Wild barley + durum wheat = Tritordeum, a novel cereal crop with big potential

Source:  AgFunderNews

Rich in protein, fiber, and lutein and low in immunogenic gliadins from gluten, Tritordeum—a climate-resilient cross between wild barley and durum wheat—delivers an array of benefits for bakers, brewers, and distillers.

The focus now is on increasing yields to bring it to the mainstream, says Vivagran cofounder Etienne Vassiliadis, who was so blown away by Tritordeum’s potential when a flour sample hit his desk in 2014 that he joined the small team attempting to turn it into a household name.

AgFunderNews caught up with Vassiliadis at the World Agri-Tech summit in San Francisco to get the lowdown.

The Tritordeum story began in the 1970s with postdoctoral work in the UK by Professor Antonio Martin that triggered a flurry of trips to Chile and Argentina to search for wild barley varieties.

It has since taken many twists and turns, says Vassiliadis, who is based in Barcelona, Spain: The formation of a new company in 2006, commercialization in 2014, bankruptcy in 2020 followed by a corporate takeover gone wrong, and a second chance in 2021.

“What stands out in baking, first of all, is that Tritordeum contains a high level of protein and fiber, so nutritionally, it’s superior to wheat, plus it has a nice golden yellow color from lutein, a natural yellow pigment found in the grain. It also a very nice, mild but sweet taste.

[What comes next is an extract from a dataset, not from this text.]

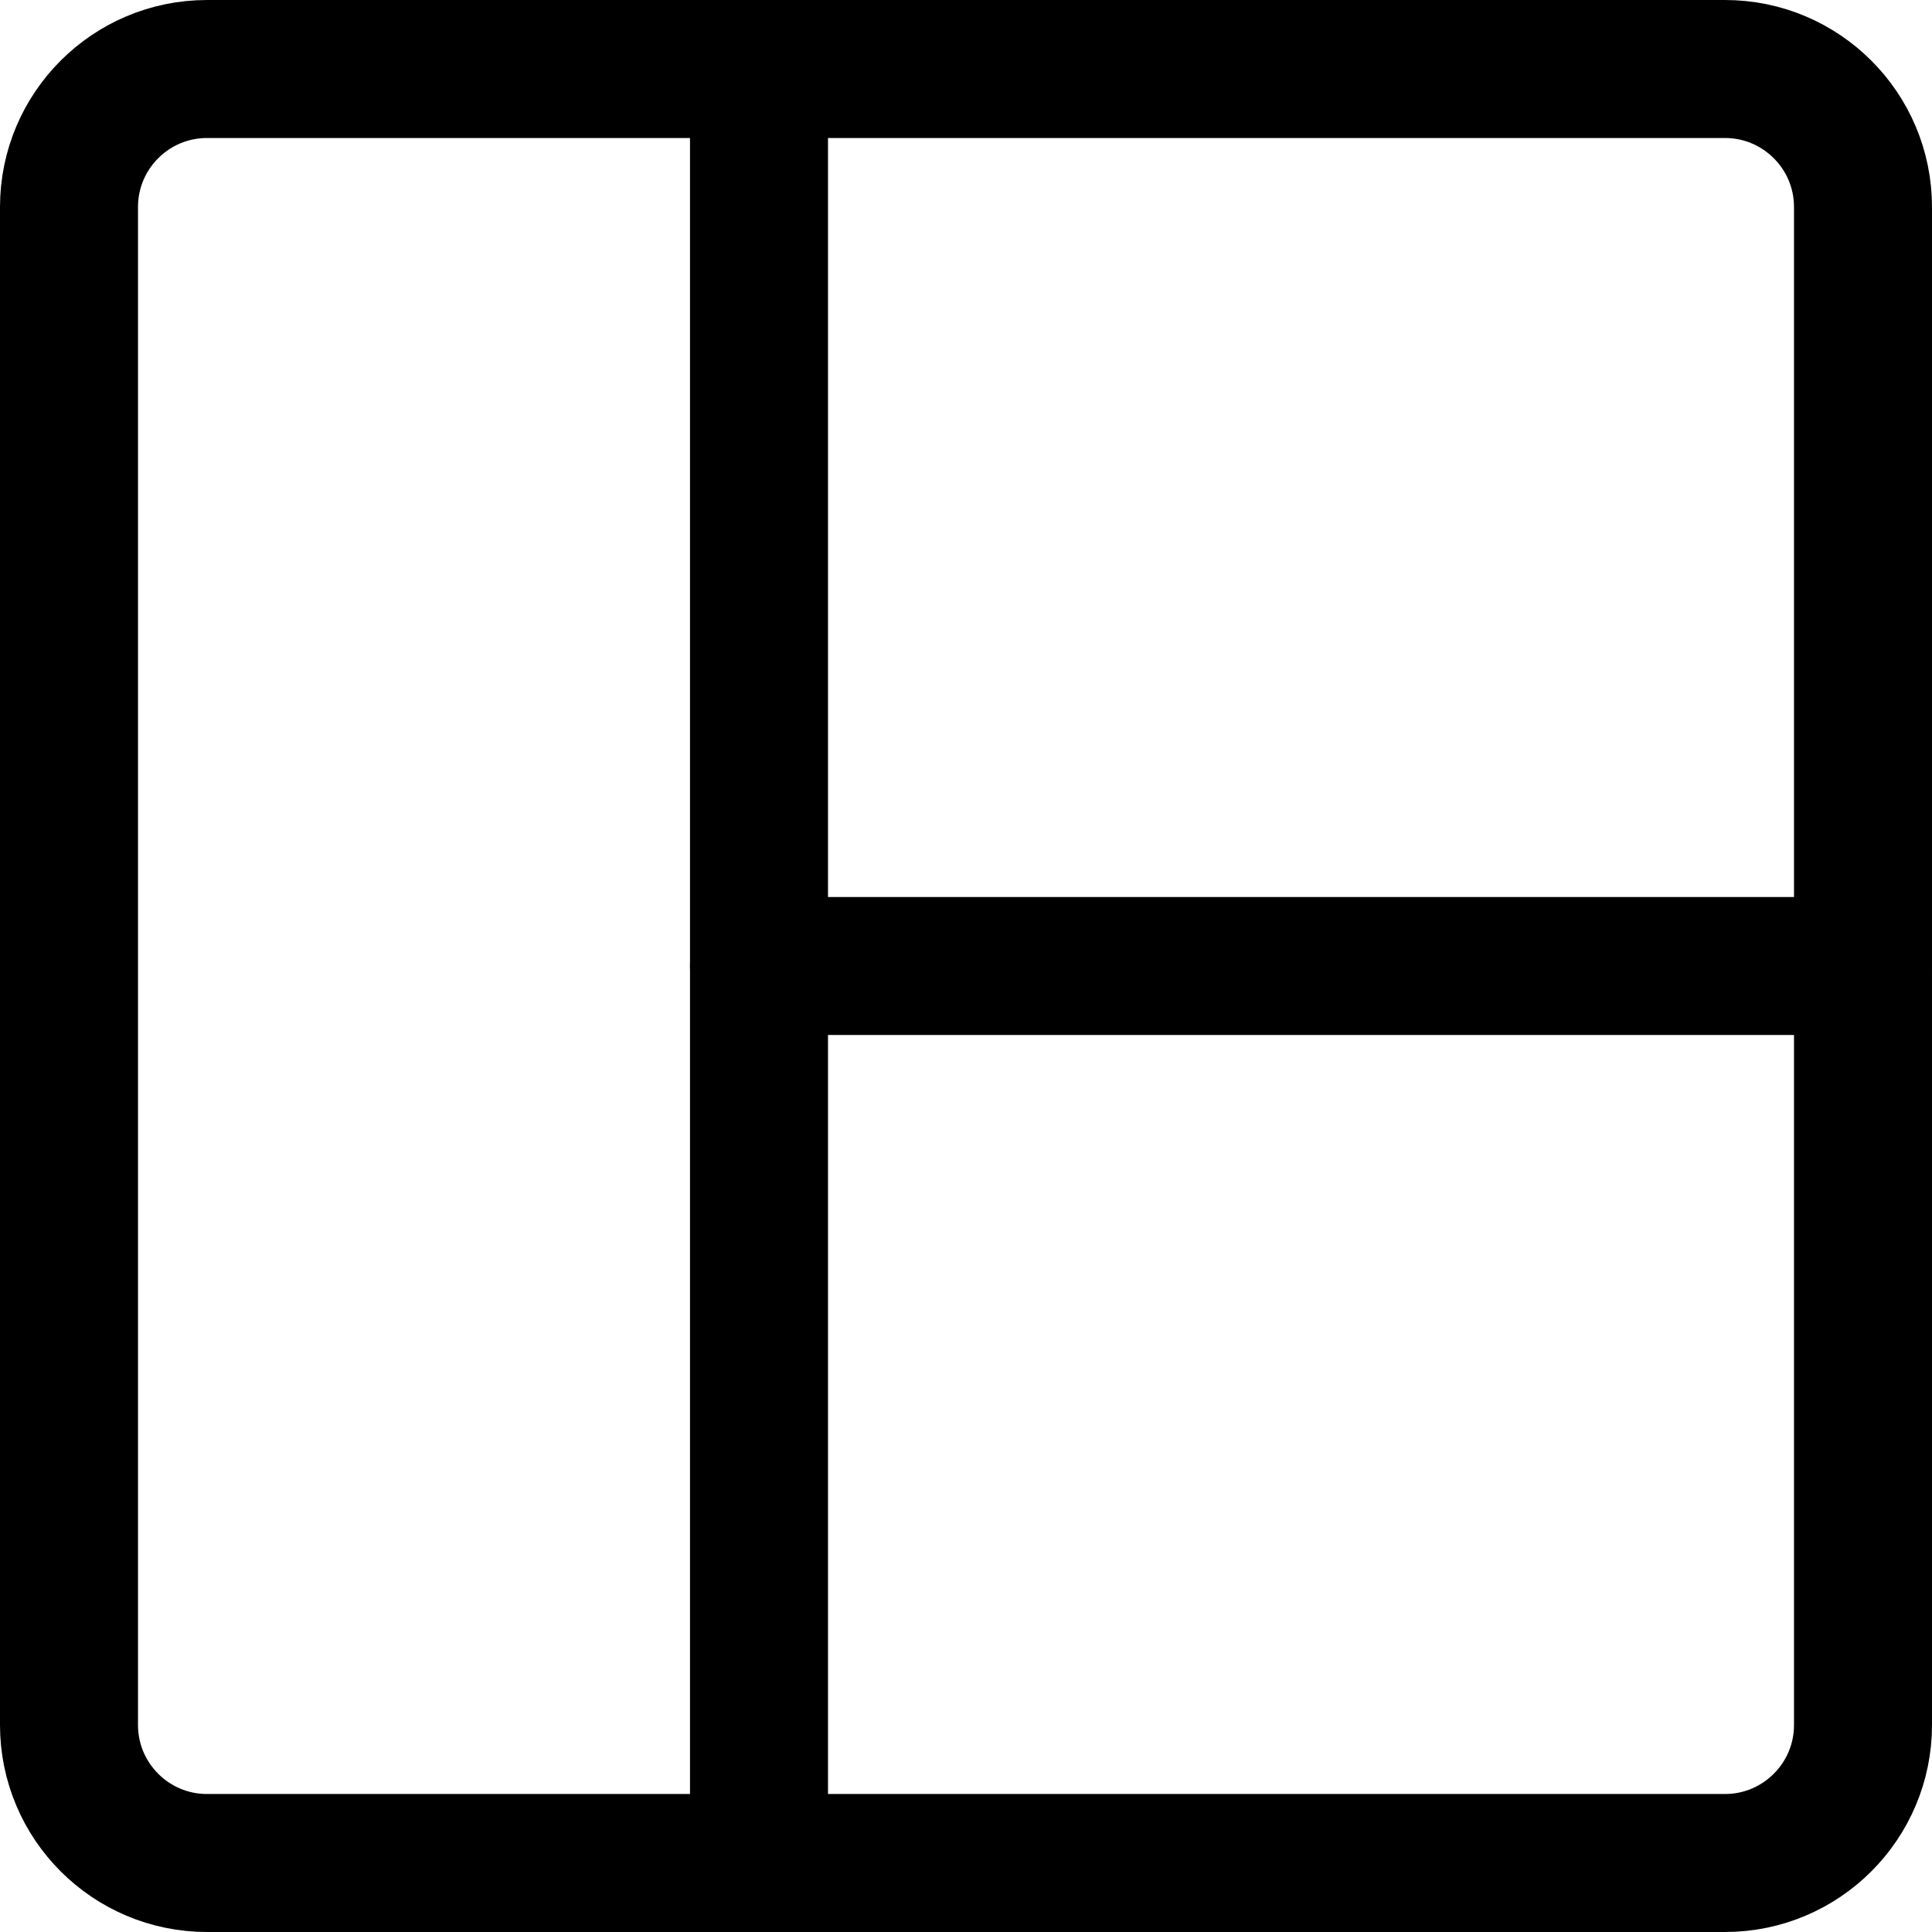<svg xmlns="http://www.w3.org/2000/svg" fill="none" viewBox="0 0 14 14" id="Layout-Window-1--Streamline-Core"><desc>Layout Window 1 Streamline Icon: https://streamlinehq.com</desc><g id="layout-window-1--column-layout-layouts-left-sidebar"><path id="Vector" stroke="#000000" stroke-linecap="round" stroke-linejoin="round" d="m1.5 13.5 11 0c0.552 0 1 -0.448 1 -1l0 -11c0 -0.552 -0.448 -1 -1 -1l-11 0c-0.552 0 -1 0.448 -1 1l0 11c0 0.552 0.448 1 1 1Z" stroke-width="1"></path><path id="Vector_2" stroke="#000000" stroke-linecap="round" stroke-linejoin="round" d="M5.5 0.5v13" stroke-width="1"></path><path id="Vector_3" stroke="#000000" stroke-linecap="round" stroke-linejoin="round" d="M5.5 7h8" stroke-width="1"></path></g></svg>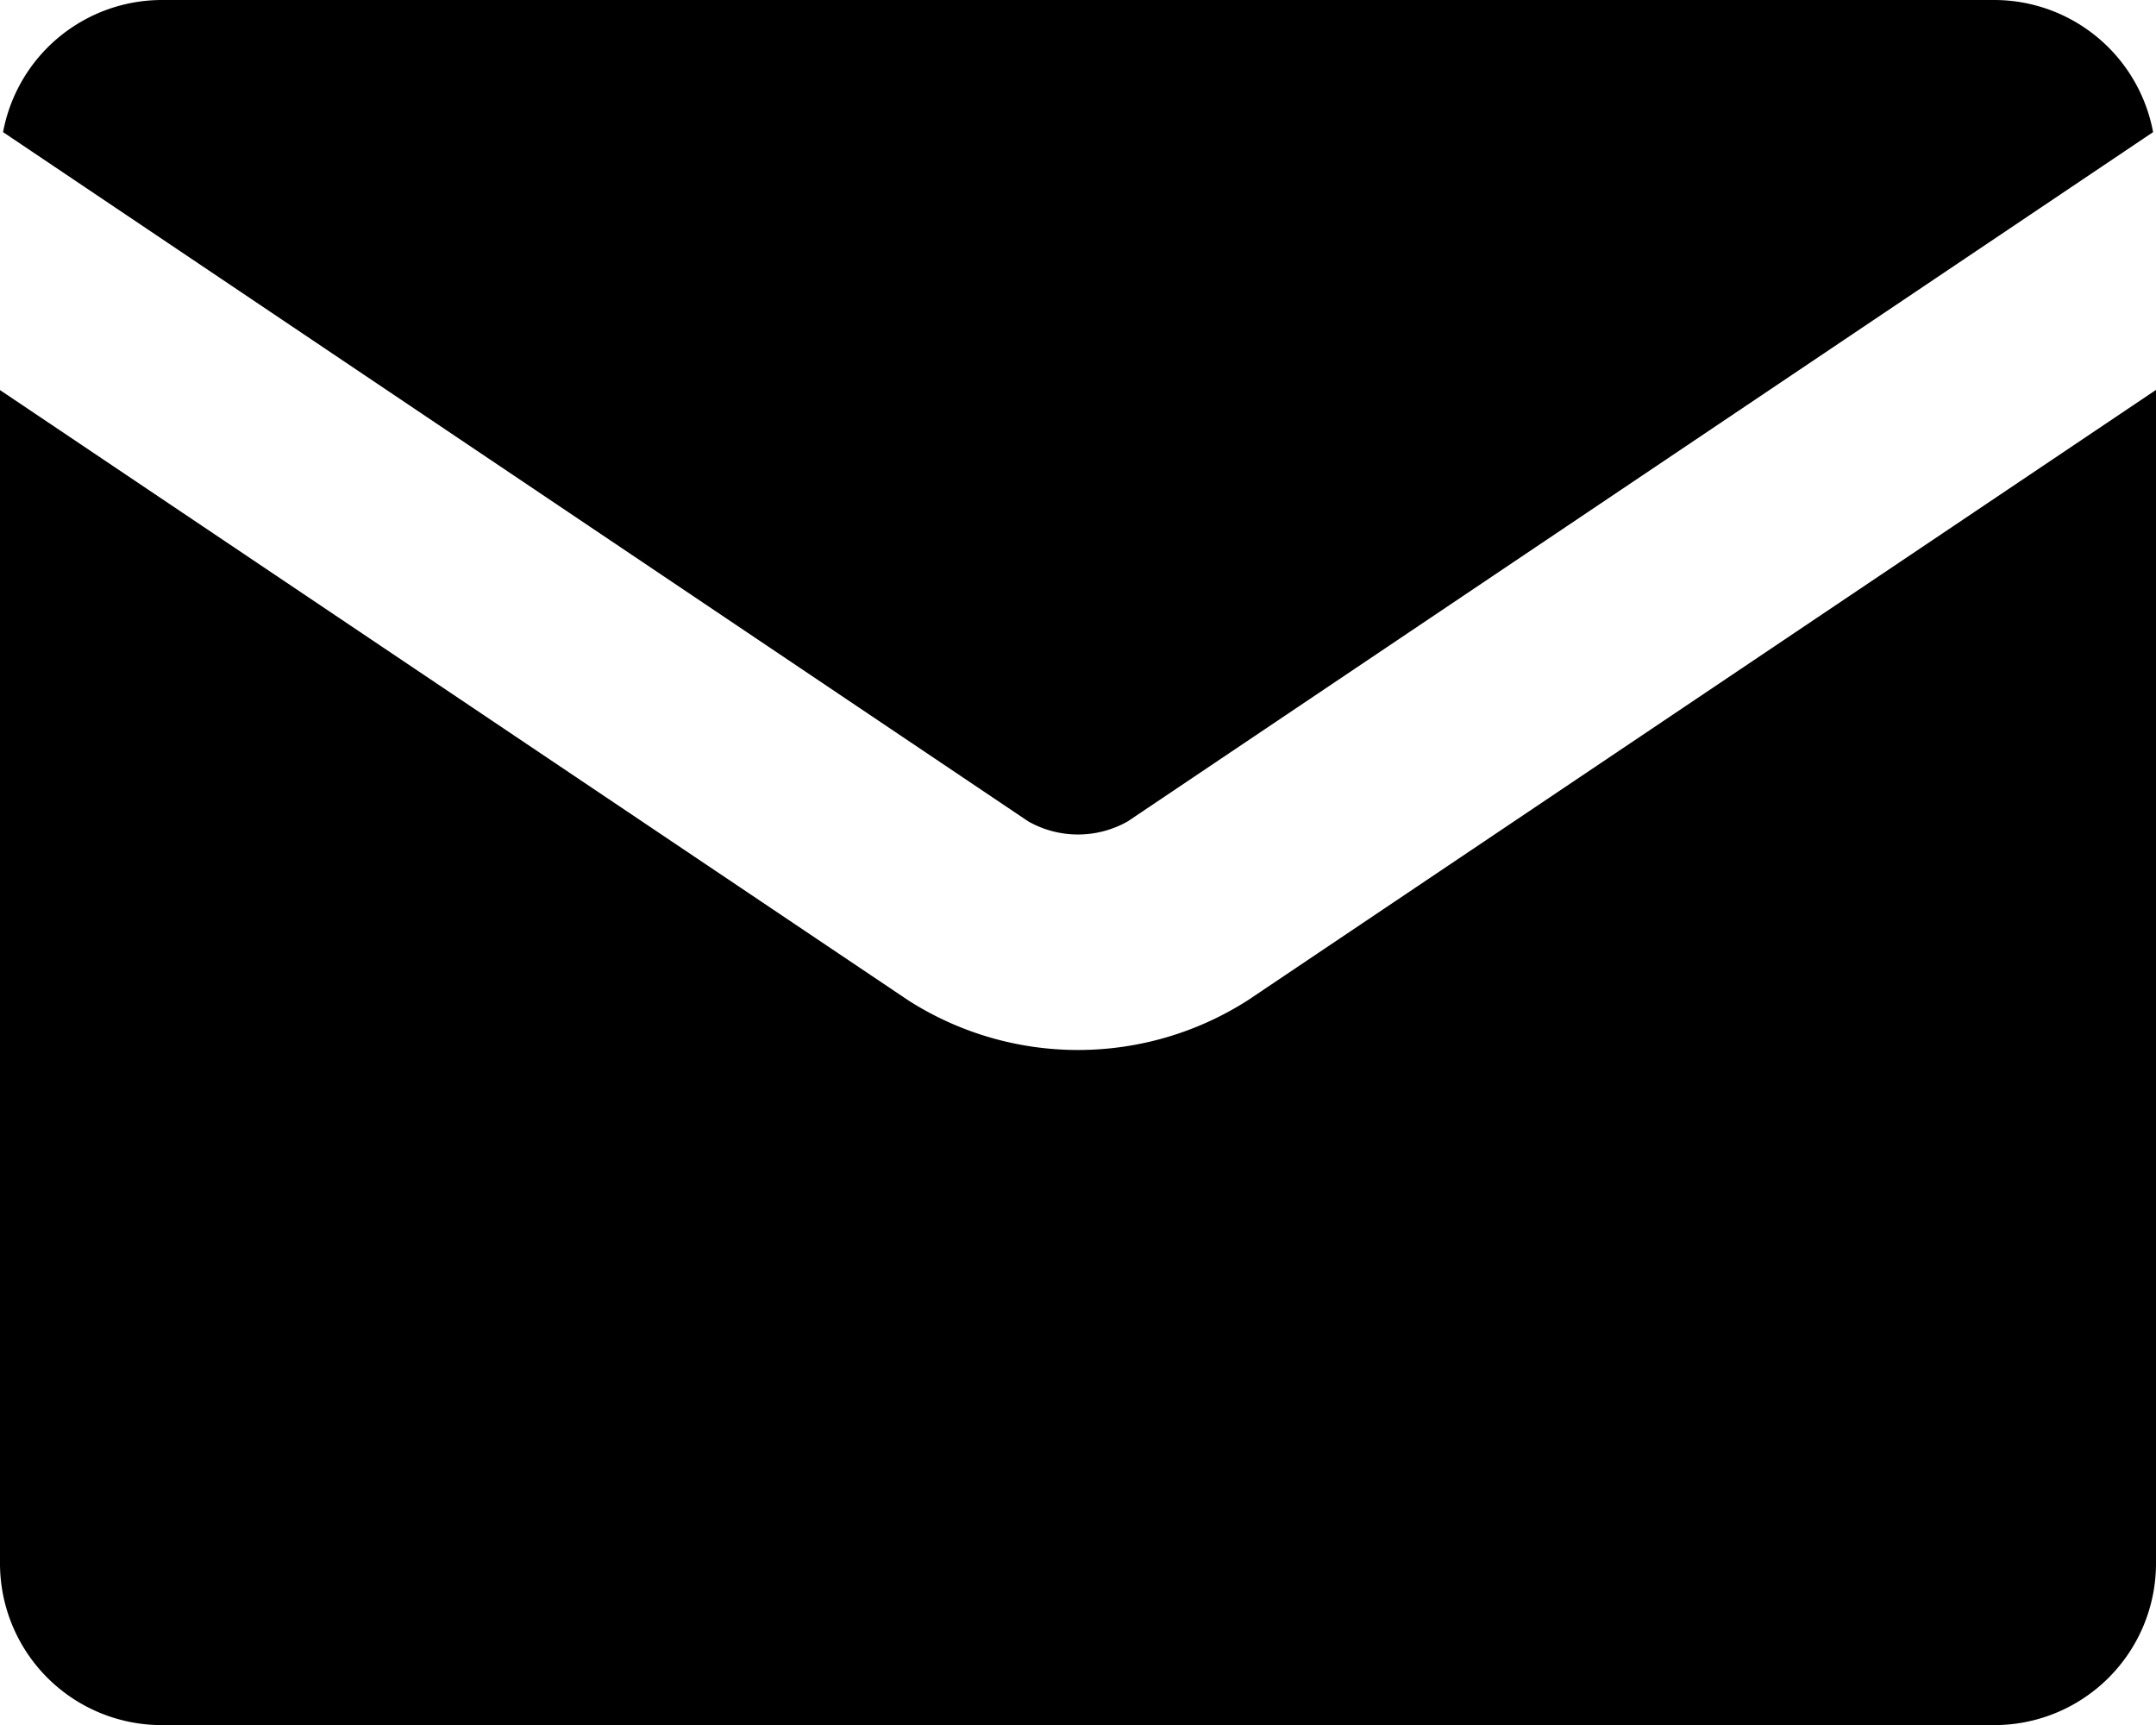 <svg id="Ebene_1" data-name="Ebene 1" xmlns="http://www.w3.org/2000/svg" viewBox="0 0 13.333 10.667"><title>footer-mail</title><path d="M6.359,5.079.019.817A1,1,0,0,1,1,0H12.333a1,1,0,0,1,.982.817L6.974,5.079A.624.624,0,0,1,6.359,5.079ZM7.717,6.185l5.616-3.774V9.667a1,1,0,0,1-1,1H1a1,1,0,0,1-1-1V2.412L5.616,6.185A1.948,1.948,0,0,0,7.717,6.185Z"/></svg>

“It also contains fewer of the indigestible proteins from gluten, which allows people with gluten intolerance to tolerate foods made with Tritordeum when they cannot eat, for instance, wheat- or spelt-based products.”

As for brewing, he says, “Something we have discovered through a joint partnership with a large malting company called Boortmalt is that Tritordeum has very high enzymatic activity. In the brewing world, two types of enzymes that are very important, alpha amylases and beta amylases.

It so happens that Tritordeum is very high in those amylases, so it’s very good to convert starch [from the grain] into sugars [which are used by yeast in the fermentation]. Sugar conversion is also very important for distillers.

“So they are looking for what they call high DP [Diastatic Power] malts [with a high enzymatic content designed to efficiently convert starches into fermentable sugars]. Tritordeum is able to perform actually better than most of the varieties of malting barleys in the market today.”

Tritordeum is also low in lipoxygenase, an enzyme that shortens the shelf-life of beer, he said, noting that brewers are actively seeking out ‘low-LOX’ varieties of barley.

“Through our partnership with Boortmalt, we have discovered that all the varieties of Tritordeum we have in our hands today are low-LOX. So this provides an opportunity for brewers to use our grain to substitute barley for enhanced shelf life in their beer.”

From an agronomic perspective, Tritordeum has several attractive qualities from heat, cold, and drought tolerance, to enhanced nitrogen use efficiency, anoxia tolerance, and disease resistance, says Vassiliadis.

“Many crops are affected by [fungal] diseases such as rust, septoria, and fusarium, and Tritordeum has genetics from wild barley that make it very resistant to those diseases. So for the farmer, this means he can produce using less fungicide, so it’s more sustainable. Another interesting trait of Tritordeum is the protein content of the grain, which is produced without having to apply too much fertilizer.”

But there is a tradeoff, he concedes. “There are always downsides. And yield is one of them. So Tritordeum has 50 years of breeding behind it, whereas wheat has thousands, so we are still behind on the yield potential of the crop. But this is something we are working on. We have already developed new varieties that will come in the market in the coming years that are yielding 20-30% higher than our current commercial varieties.

“So this is work in progress, but we truly believe that with modern breeding techniques, we can close the yield gap and hopefully reach the same yields as we would get with wheat and barleys, but with added nutrition and the added traits that we discussed.”